The Guinness record stood at 102 days and required one driver and one navigator to drive the same vehicle 26,738 miles (the circumference of the Earth), travelling in both the northern and southern hemispheres. Time spent flying between roads would count, but they wouldn't get credit for those air miles.
From the CN Tower to the CN Tower
As they reached the start line near the CN Tower in Toronto on Sept. 6, 1980, it hit them that there was a lot of money on the line. And some people expected them to fail.
"Just when we were leaving, I heard the president of Volvo Canada say to his PR man, 'If this thing f--ks up, we'll be driving pogo sticks.'" Sowerby says with a laugh.
The boys sported matching racing suits. With a huge media contingent watching, Sowerby shifted into first and Langley guided them west.
The drive to the Pacific was straightforward and they paid an excess baggage fee to fly Red Cloud, as the Volvo became known, to Australia. Australia was hard driving, especially hot, dusty and deserted Alice Springs. The car had no air conditioning, so the windows were always down, and no power steering or cruise control, so Sowerby's arms and legs were always working.
Occasionally they were shaken by a passing "road train," a tractor-trailer hauling three or four full-sized trailers. One horse wandered a little too close.
"They just roared through," Langley says. "They wouldn't stop. They just hit these guys. The horse looked like it had been turned inside out. I'll never forget that."
Unfortunately, the duo put their "'roo bar" to good use as one kangaroo bounced in front of them before they could stop.
"If we hadn't put that on, that car probably wouldn't be here. We were going about 80 miles an hour. That kangaroo would have come right through the grill. That would have been the end of the trip," Langley says.
After Australia, they boarded a plane bound for Bombay, as Mumbai was then known.
Sowerby felt India reaching up for him as the plane entered its air space in the middle of the night. A scent, and waves of heat, rose through the aircraft. It was unlike anything he'd experienced.
After getting their car off the plane and onto the road, the shock increased. From dawn, rickshaws and snake charmers jostled with taxis and trucks in the hot, dusty heat. The road signs were foot-high stones with the road name handwritten on it. "If you miss one of those, the whole trip takes a big hit in the time. Time was our enemy," Langley says.

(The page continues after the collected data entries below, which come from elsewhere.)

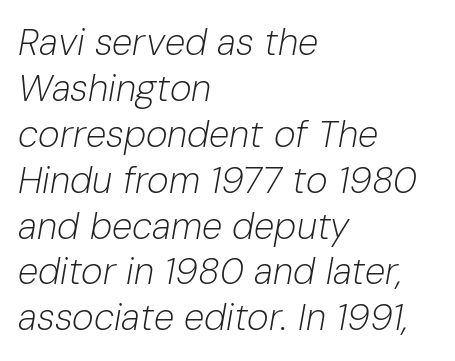
Q: Is the text bold? A: No.
Q: Is the text italic (slanted)? A: Yes, it leans right by about 10 degrees.
Q: Is the text underlined? A: No.
Q: How is the paragraph aligned? A: Left-aligned.
Q: Is the spacing between letters normal or unusually wide? A: Normal.
Q: Width (condensed, normal, or wide)? A: Normal.
Q: Stroke contrast? A: Low.
Q: x-height? A: Medium.
Q: Monospaced? A: No.
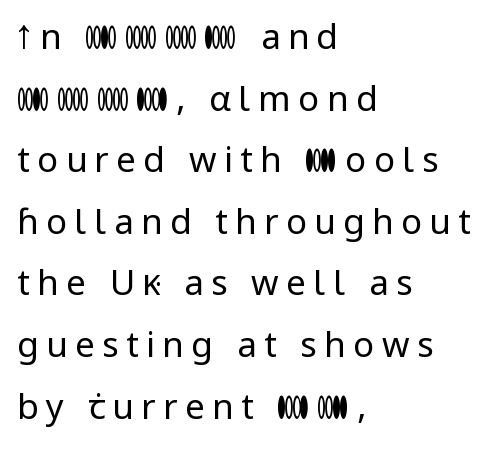
The image shows 35 px regular-weight sans-serif type, upright; set left-aligned, line spacing 1.76x, unusually wide letter spacing (+0.21 em), not underlined; low stroke contrast and a medium x-height.
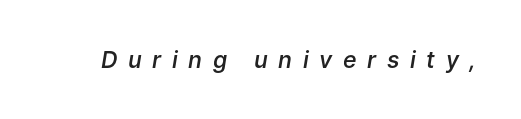
Q: Is the text bold? A: Semi-bold.
Q: Is the text italic (slanted)? A: Yes, it leans right by about 9 degrees.
Q: Is the text underlined? A: No.
Q: Is the spacing between letters normal or unusually wide? A: Unusually wide.
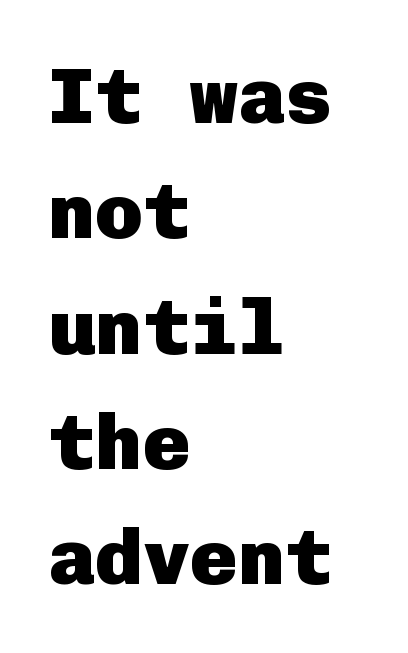
Q: Is the text bold? A: Yes.
Q: Is the text italic (slanted)? A: No, it is upright.
Q: Is the typeface a serif or a sans-serif typeface? A: Sans-serif.
Q: Is the text underlined? A: No.
Q: How is the paragraph aligned? A: Left-aligned.
Q: Is the spacing between letters normal or unusually wide? A: Normal.
Q: Is the spacing between lines tight, normal or loose? A: Normal.
Q: Width (condensed, normal, or wide)? A: Normal.
Q: Stroke contrast? A: Low.
Q: x-height? A: Medium.

"When you're driving here, there might be once a year where you require immediate evasive action to avoid an accident," Sowerby says. "But in India, that would happen 25 times a day."
At the end of one long day, they stopped in a city of two million that they'd never heard of before. Most buildings stood one storey tall and were lit with kerosene or fires. Dark, strange, packed roads made it hard to navigate, so Langley hired a rickshaw driver to escort them to their accommodation: it turned out to be a millionaire's mansion. Gatekeepers let them in and they feasted that night.

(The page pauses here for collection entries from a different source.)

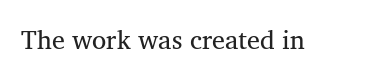
Is there any slant? The stems are plumb. Descenders are the only things crossing below the line. The line texture is even and compact thanks to regular tracking.
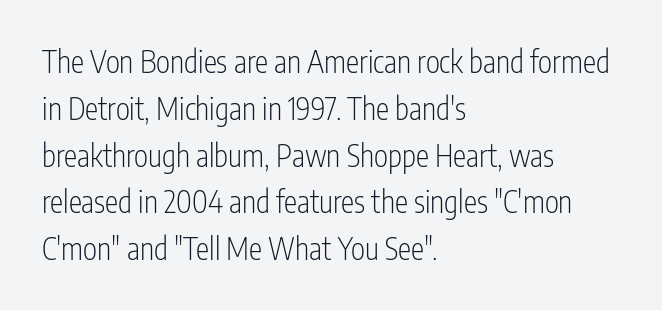
{"serif": "no", "italic": "no", "bold": "no", "weight": "light", "width": "condensed", "stroke_contrast": "low", "x_height": "medium", "monospaced": "no", "underline": "no", "align": "left", "line_spacing": "normal", "line_spacing_ratio": 1.56, "letter_spacing": "normal", "letter_spacing_em": 0.0, "glyph_px": 30}
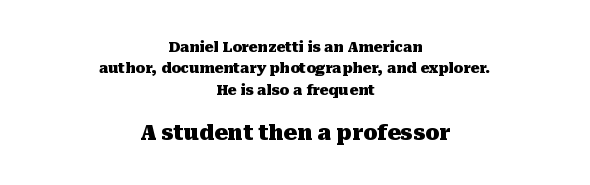
Anything drawn beneath the words? Only blank space. Rendered with straight, roman letterforms. Inter-character spacing is left at the font's built-in metrics. Students, this is bold: see how much ink each stroke carries.
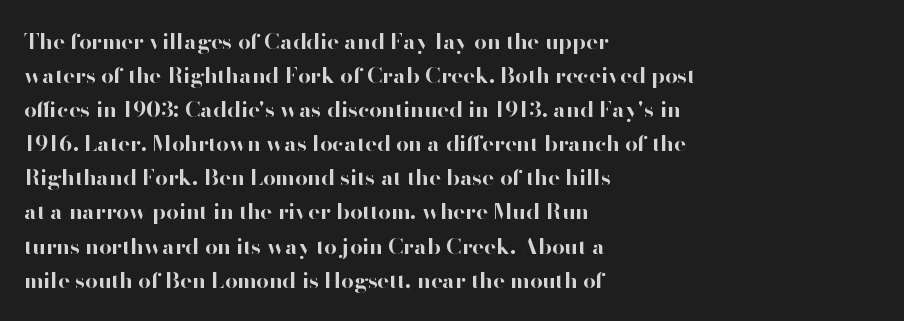
The image shows 22 px bold type, upright; set left-aligned, normal line spacing (1.55x), normal letter spacing, not underlined.
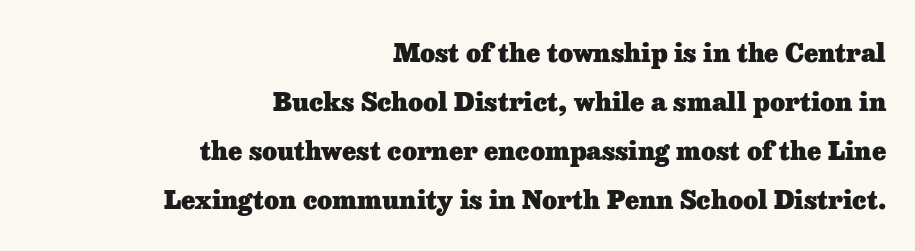
The image shows 26 px bold type, upright; set right-aligned, line spacing 1.89x, normal letter spacing, not underlined.
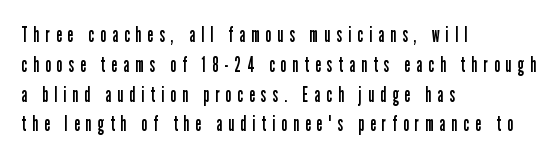
Is the block centered? No — it sits flush against the left margin. The zone under the glyphs is completely vacant. A typesetter would call this heavily tracked-out type. Stem width sits at or under what a default text font uses. Every character sits straight up, as roman type does. The passage shown stacks its lines at a standard gap.
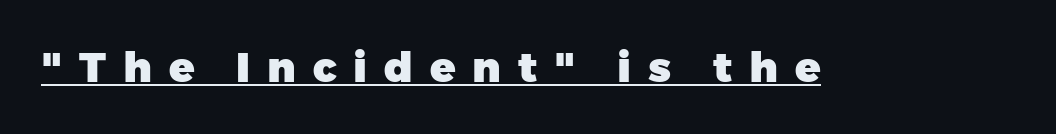
Q: Is the text bold? A: Yes.
Q: Is the text italic (slanted)? A: No, it is upright.
Q: Is the typeface a serif or a sans-serif typeface? A: Sans-serif.
Q: Is the text underlined? A: Yes.
Q: Is the spacing between letters normal or unusually wide? A: Unusually wide.
Q: Width (condensed, normal, or wide)? A: Normal.
Q: Stroke contrast? A: Low.
Q: x-height? A: Medium.
Q: Monospaced? A: No.
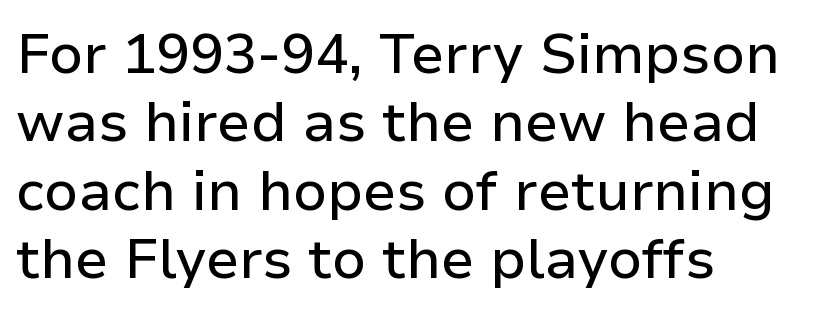
{"serif": "no", "italic": "no", "width": "normal", "stroke_contrast": "low", "x_height": "medium", "monospaced": "no", "underline": "no", "align": "left", "line_spacing_ratio": 1.22, "letter_spacing": "normal", "letter_spacing_em": 0.0, "glyph_px": 56}

Early the next morning, they rolled through the mist, speeding through remote villages, surprising people doing their morning toilet. Langley never once got them lost, nor forced them to backtrack. "We didn't have the time for it," he says.

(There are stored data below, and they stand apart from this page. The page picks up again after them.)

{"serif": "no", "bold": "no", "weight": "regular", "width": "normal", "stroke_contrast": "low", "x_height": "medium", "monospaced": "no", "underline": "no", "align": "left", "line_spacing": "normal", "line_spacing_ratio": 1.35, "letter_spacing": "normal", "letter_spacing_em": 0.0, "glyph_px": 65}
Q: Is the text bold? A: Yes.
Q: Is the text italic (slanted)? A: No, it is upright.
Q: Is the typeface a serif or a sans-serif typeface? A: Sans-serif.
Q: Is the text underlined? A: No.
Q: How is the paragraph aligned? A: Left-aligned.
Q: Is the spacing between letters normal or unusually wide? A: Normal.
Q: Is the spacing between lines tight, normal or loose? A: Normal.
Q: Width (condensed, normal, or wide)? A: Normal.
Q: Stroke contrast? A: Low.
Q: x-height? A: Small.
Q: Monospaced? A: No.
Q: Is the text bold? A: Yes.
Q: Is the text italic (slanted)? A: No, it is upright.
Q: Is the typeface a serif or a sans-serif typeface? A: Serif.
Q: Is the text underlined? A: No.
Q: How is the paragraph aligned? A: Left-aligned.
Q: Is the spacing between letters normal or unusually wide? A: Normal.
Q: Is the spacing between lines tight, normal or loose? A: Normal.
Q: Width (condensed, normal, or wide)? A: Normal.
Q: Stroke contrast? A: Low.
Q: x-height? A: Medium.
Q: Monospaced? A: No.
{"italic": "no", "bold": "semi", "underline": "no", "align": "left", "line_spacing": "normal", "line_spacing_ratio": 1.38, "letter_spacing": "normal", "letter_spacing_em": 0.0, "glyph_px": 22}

They ended each 12-hour day looking like coal miners, painted with exhaust, dirt and soot. They reached Pakistan just as Iraq invaded Iran, wrecking their route to Europe. After some frantic work on the phones, they found a cargo 707 willing to take the guys and the car to Athens — for $18,000. So much for making any money on the trip.
Sowerby, a pilot himself, sat in the cockpit with the two pilots while Langley sat in the back and tried not to stare at the emergency door. The idea that he would fling it open and kill them all took over his exhausted brain.
"So I went up [to Garry] and I said, 'How are you doing?' He says, 'Not bad. How are you?' I said, 'Not so good. You might have to knock me out.'"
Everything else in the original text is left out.